## EXERCISE BRIEF
A faithful copy of all the data is the goal; omit the pictures.

Data entries
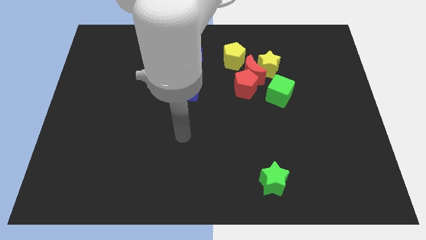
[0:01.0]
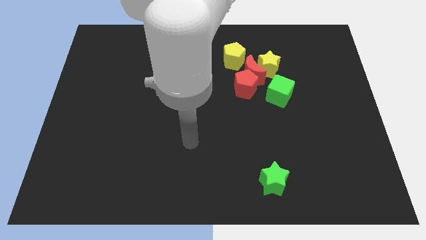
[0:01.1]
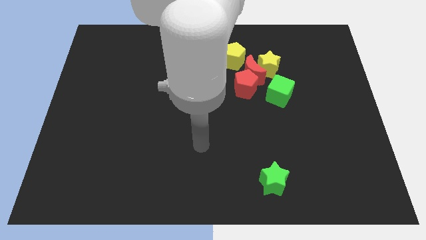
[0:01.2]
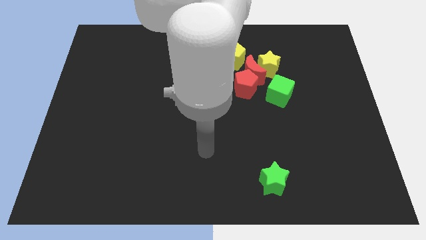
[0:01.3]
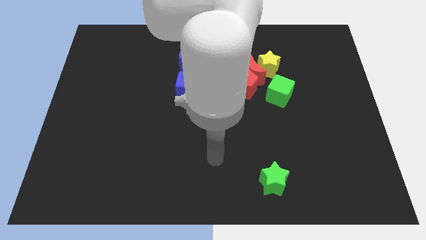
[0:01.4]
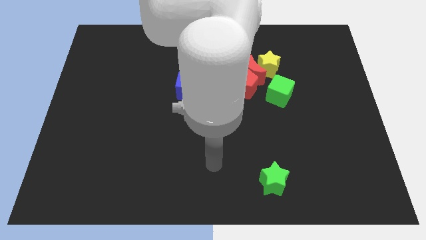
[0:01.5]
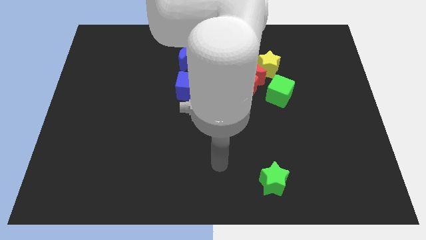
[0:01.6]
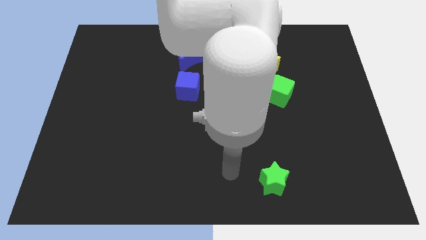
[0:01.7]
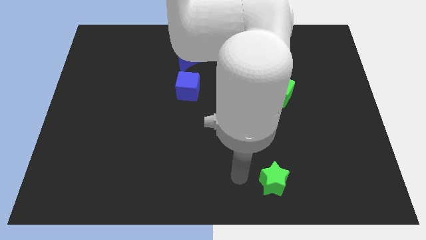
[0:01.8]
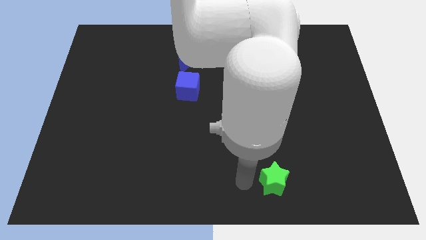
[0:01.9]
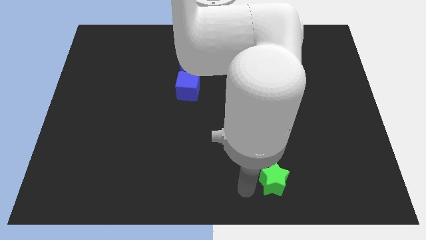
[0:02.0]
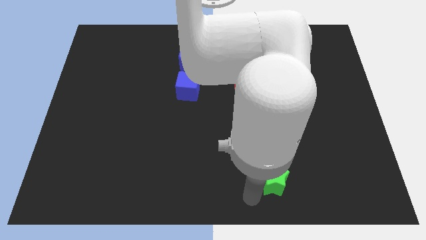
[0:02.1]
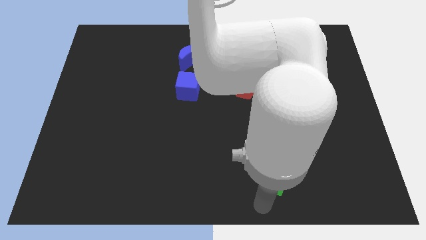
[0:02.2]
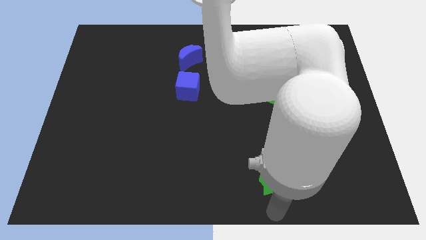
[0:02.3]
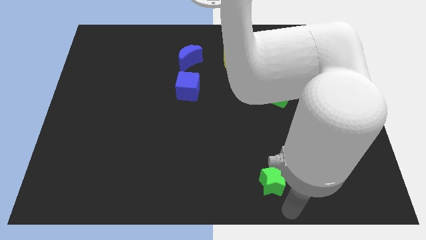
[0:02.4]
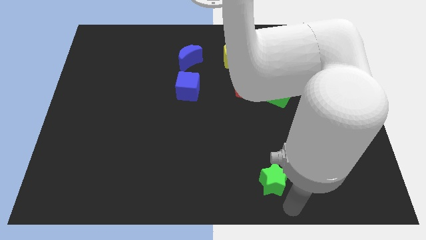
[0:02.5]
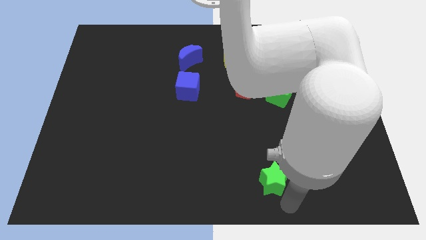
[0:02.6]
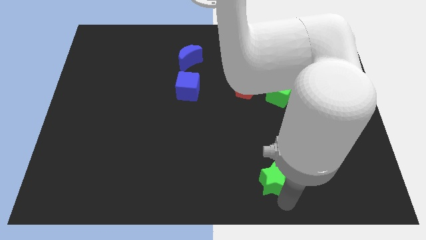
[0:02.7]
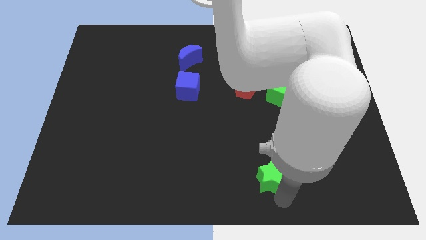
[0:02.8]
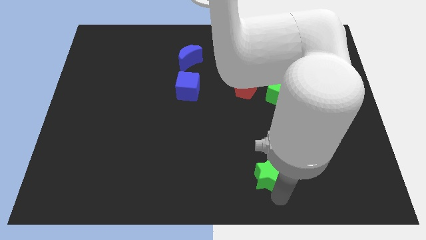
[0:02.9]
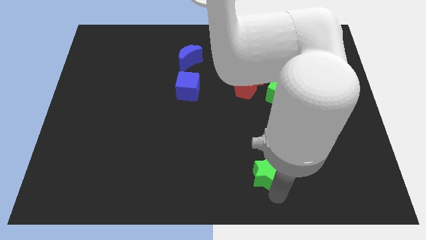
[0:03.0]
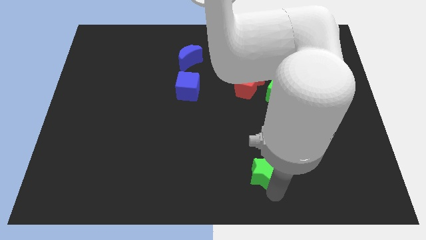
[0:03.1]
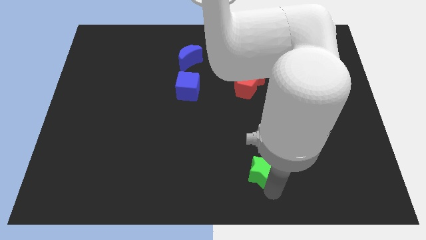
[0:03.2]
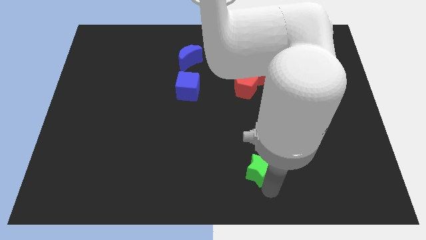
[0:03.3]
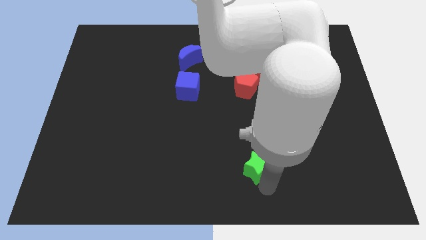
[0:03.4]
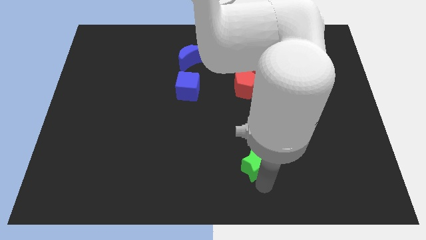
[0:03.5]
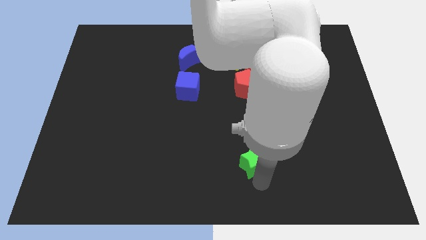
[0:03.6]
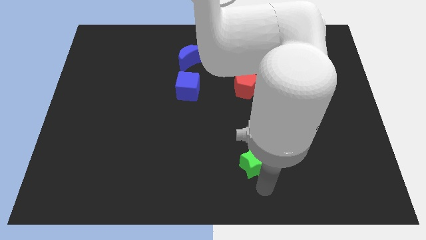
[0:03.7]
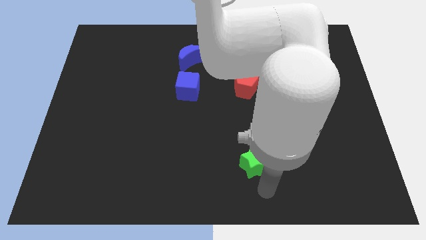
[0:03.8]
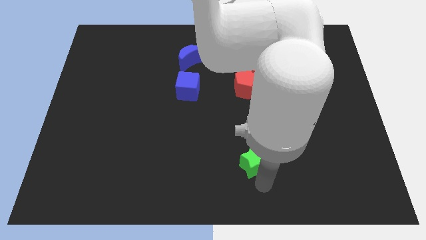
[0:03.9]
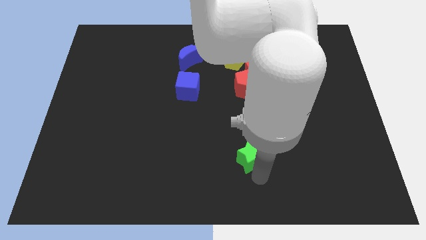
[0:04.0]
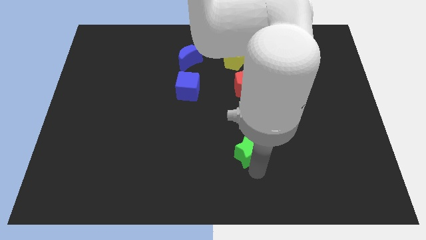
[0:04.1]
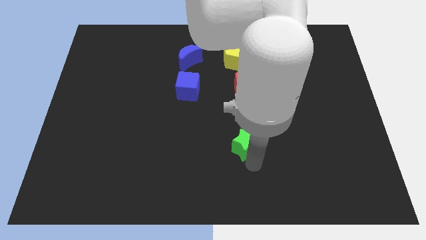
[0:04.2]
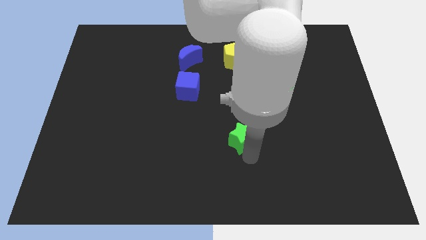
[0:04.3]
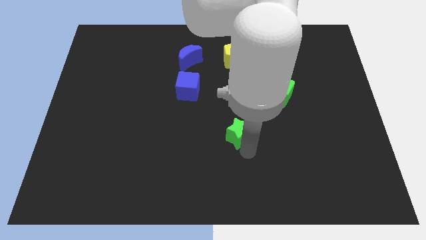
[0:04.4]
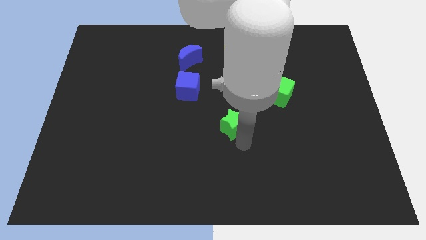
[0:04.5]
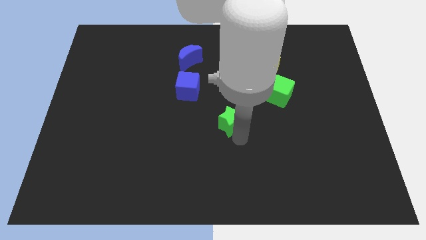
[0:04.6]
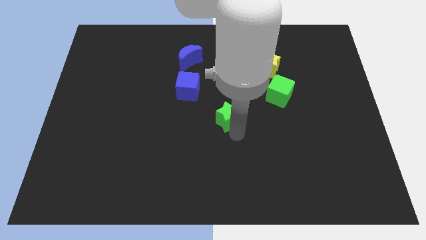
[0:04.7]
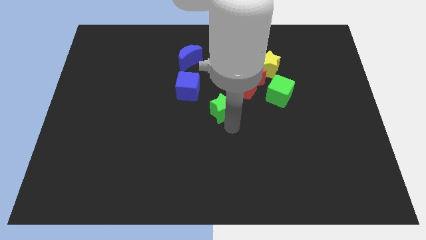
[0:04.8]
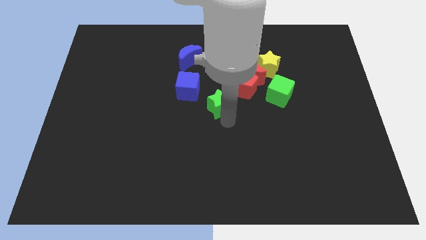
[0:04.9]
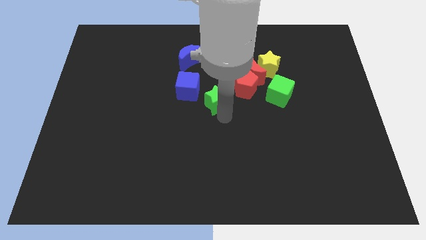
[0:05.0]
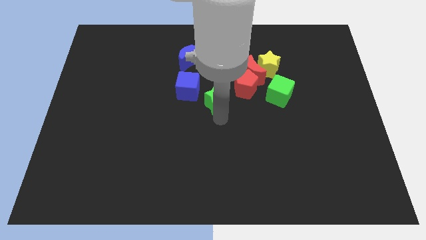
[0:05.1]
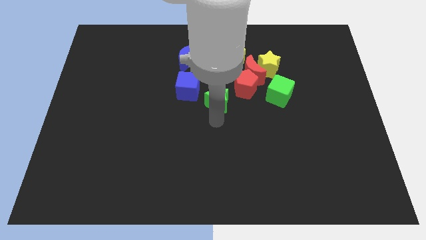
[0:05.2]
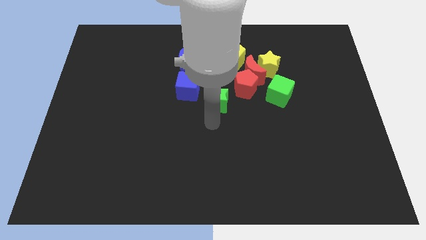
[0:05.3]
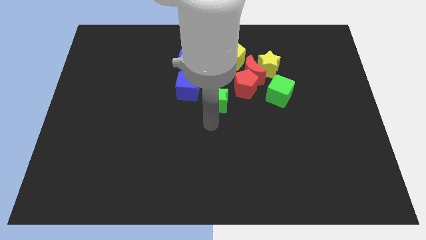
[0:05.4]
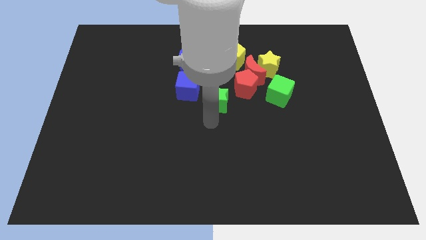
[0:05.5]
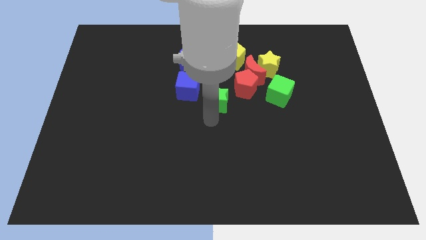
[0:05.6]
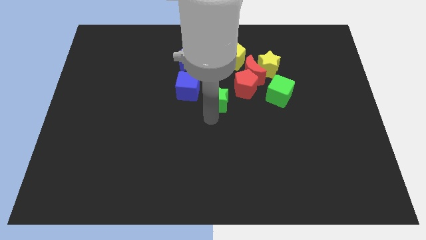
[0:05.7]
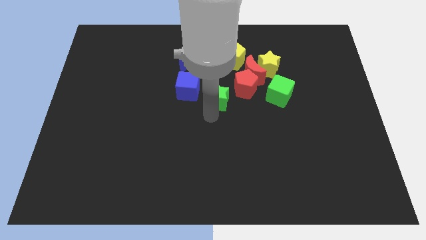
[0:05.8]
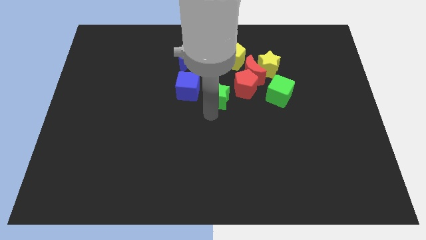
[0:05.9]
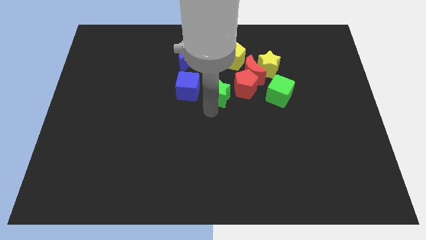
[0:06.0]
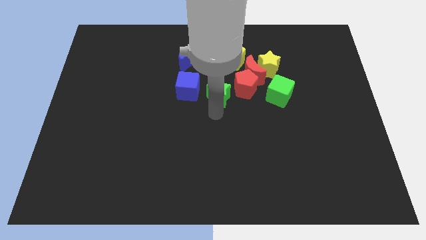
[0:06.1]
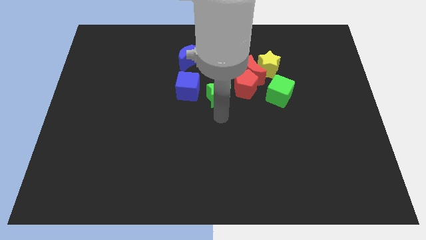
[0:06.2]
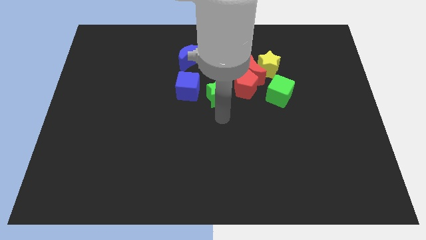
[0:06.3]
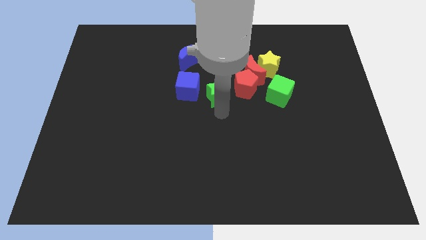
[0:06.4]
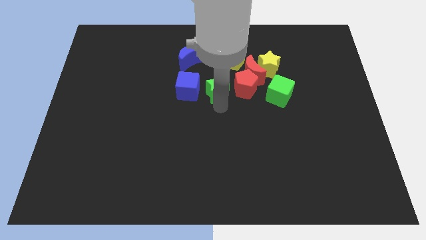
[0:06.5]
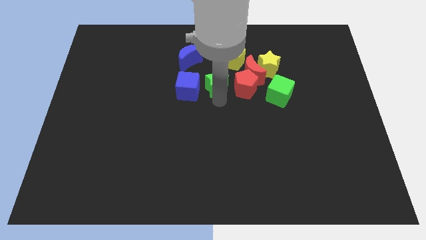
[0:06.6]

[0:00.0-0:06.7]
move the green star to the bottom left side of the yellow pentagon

## YOUR SOLUTION
[0:01.0]
[0:01.1]
[0:01.2]
[0:01.3]
[0:01.4]
[0:01.5]
[0:01.6]
[0:01.7]
[0:01.8]
[0:01.9]
[0:02.0]
[0:02.1]
[0:02.2]
[0:02.3]
[0:02.4]
[0:02.5]
[0:02.6]
[0:02.7]
[0:02.8]
[0:02.9]
[0:03.0]
[0:03.1]
[0:03.2]
[0:03.3]
[0:03.4]
[0:03.5]
[0:03.6]
[0:03.7]
[0:03.8]
[0:03.9]
[0:04.0]
[0:04.1]
[0:04.2]
[0:04.3]
[0:04.4]
[0:04.5]
[0:04.6]
[0:04.7]
[0:04.8]
[0:04.9]
[0:05.0]
[0:05.1]
[0:05.2]
[0:05.3]
[0:05.4]
[0:05.5]
[0:05.6]
[0:05.7]
[0:05.8]
[0:05.9]
[0:06.0]
[0:06.1]
[0:06.2]
[0:06.3]
[0:06.4]
[0:06.5]
[0:06.6]

[0:00.0-0:06.7]
move the green star to the bottom left side of the yellow pentagon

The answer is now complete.